Bei den Deutschen Meisterschaften im Kanumarathon landete Tobias Heuser vom Alstadener Kanu Club auf dem fünften Platz. Gut sechs Wochen nach den NRW-Landesmeisterschaften in Rheine Anfang April, die noch bei Schneeregen, Sturm und Temperaturen um den Gefrierpunkt stattfanden, präsentierte sich die Wettkampfstrecke auf der Fulda in Kassel bei strahlendem Sonnenschein und Temperaturen von knapp unter dreißig Grad.

Bedingt durch die Wendemöglichkeiten auf der Fulda gestaltete sich die Wettkampfstrecke mit knapp über 30 Kilometern auch noch einmal sechs Kilometer länger als zuletzt in Rheine.

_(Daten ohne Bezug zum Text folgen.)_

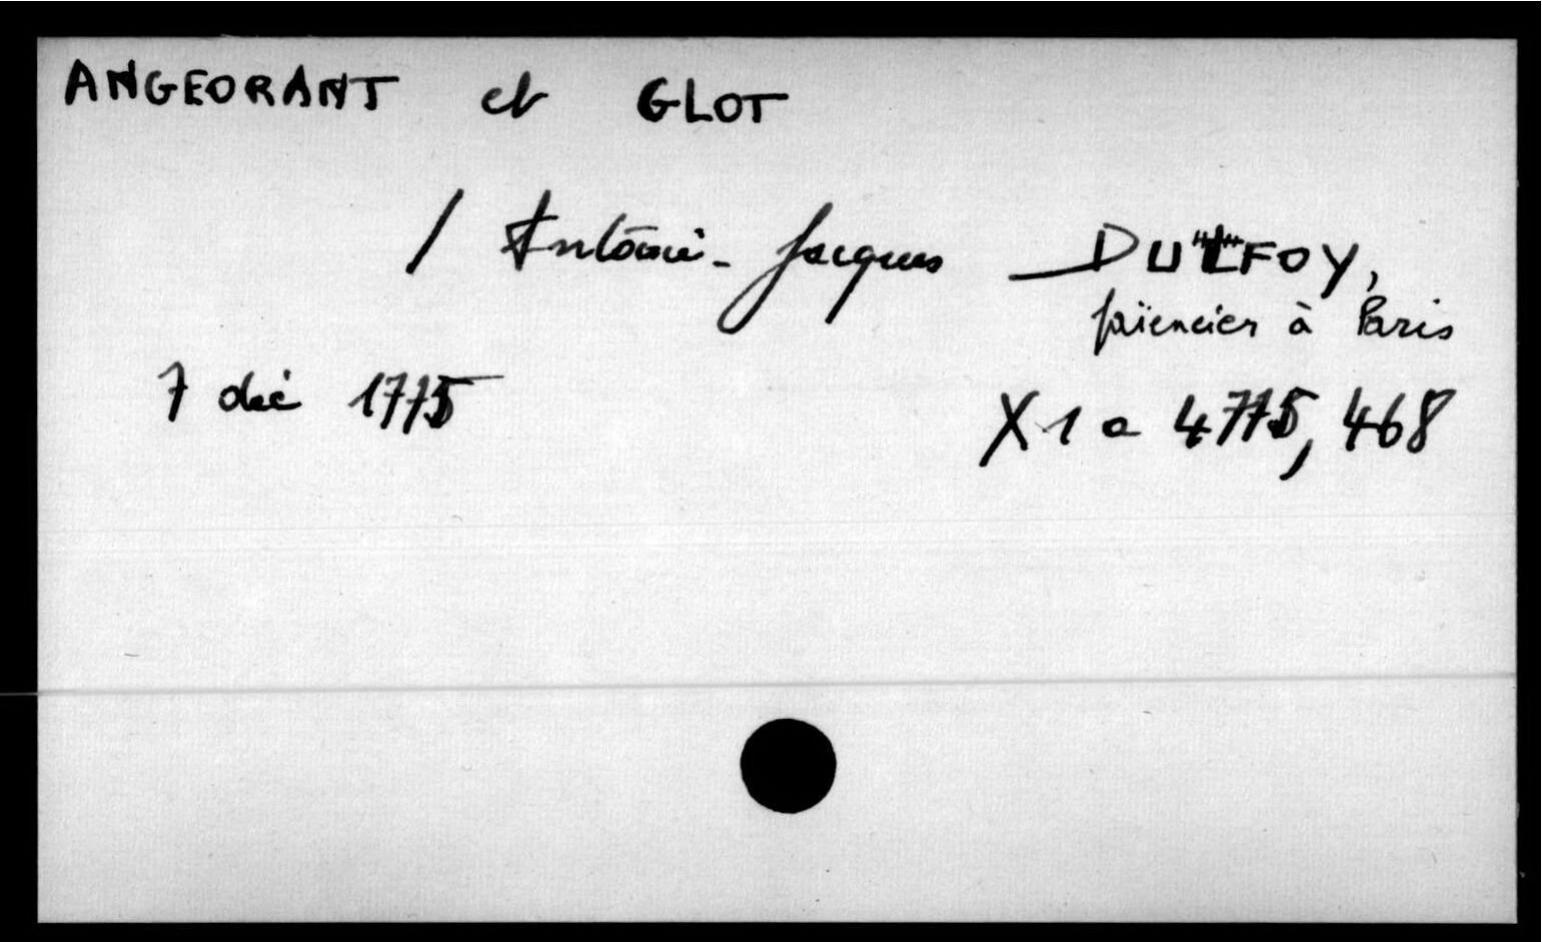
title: ANGEORANT et GLOT
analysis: Contre Antoine-Jacques DULFOY, faïencier à Paris
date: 7 décembre 1775
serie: X1a
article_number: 4775
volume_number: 468
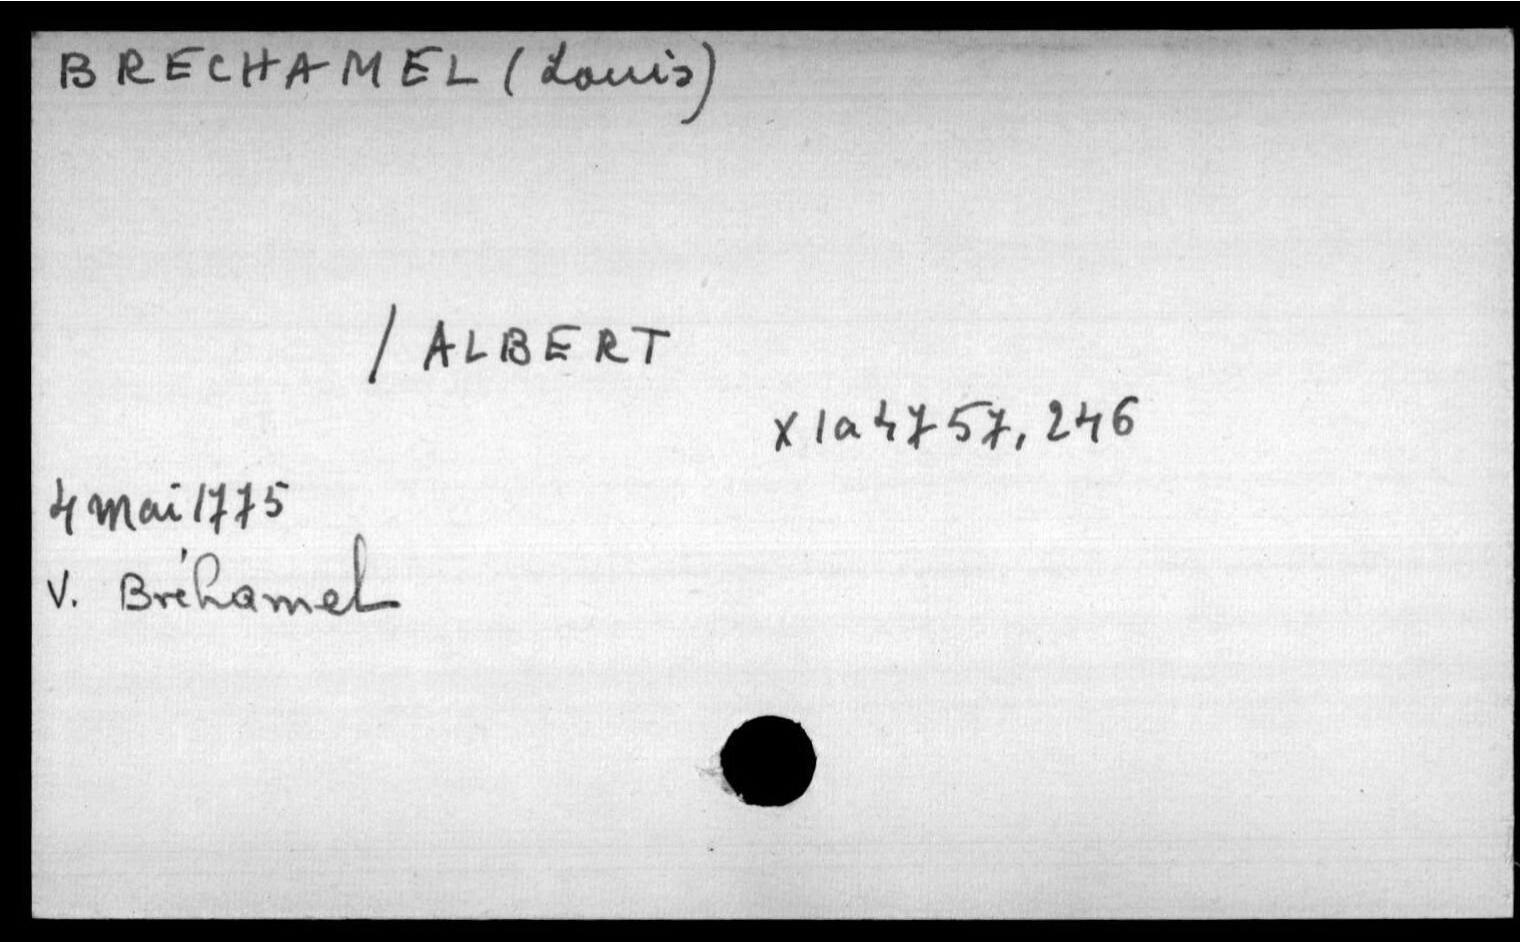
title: BRECHAMEL (Louis)
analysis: Contre ALBERT
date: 4 mai 1775
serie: X1a
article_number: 4757
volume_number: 246

Für Tobias Heuser bedeutete das von vorneherein direkt entsprechend Getränke und damit zusätzliches Gewicht im Boot mitzuführen und einen Verpflegungsservice in den Portagen einzuplanen.

Trainingsrückstand macht sich langsam aber sicher bemerkbar

Im Rennen selbst konnte der 22-jährige Alstadener dann seine Routine aus sechs Jahren internationaler Marathonrennen ausspielen. Vom Start in einem Seitenarm der Fulda weg gut in der Führungsgruppe integriert mitfahrend musste Heuser im Anschluss an die erste schnell gelaufene Portage nach rund zehn Kilometern die ersten beiden Boote ziehen lassen. Versuche, den Anschluss an diese Gruppe wieder herzustellen scheiterten an cleveren und schnellen Tempo- und Wellewechselfahrten der beiden führenden Boote.

Dazu machte sich nach gut 15 Kilometern der in diesem Jahr durch Ausbildung und Studium entstandene Trainingsrückstand langsam aber sicher bemerkbar. Die beiden letzten von insgesamt sechs Runden (gute zehn Kilometer) auf der Fulda kämpfte Heuser sich alleine über Strecke und beendete das Rennen mit einem fünften Platz.

Die Ausbildung geht vor

„In diesem Jahr hatten mein anstehender Ausbildungsabschluss sowie mein parallel dazu erfolgendes Studium Vorrang vor dem Sport. Entsprechende Trainingsrückstände haben sich- zumal die Strecke auch noch länger als in den vergangenen Jahren war- deutlich bemerkbar gemacht. Das war bei dem Wetter eine ganz schöne Quälerei“, bilanzierte Heuser.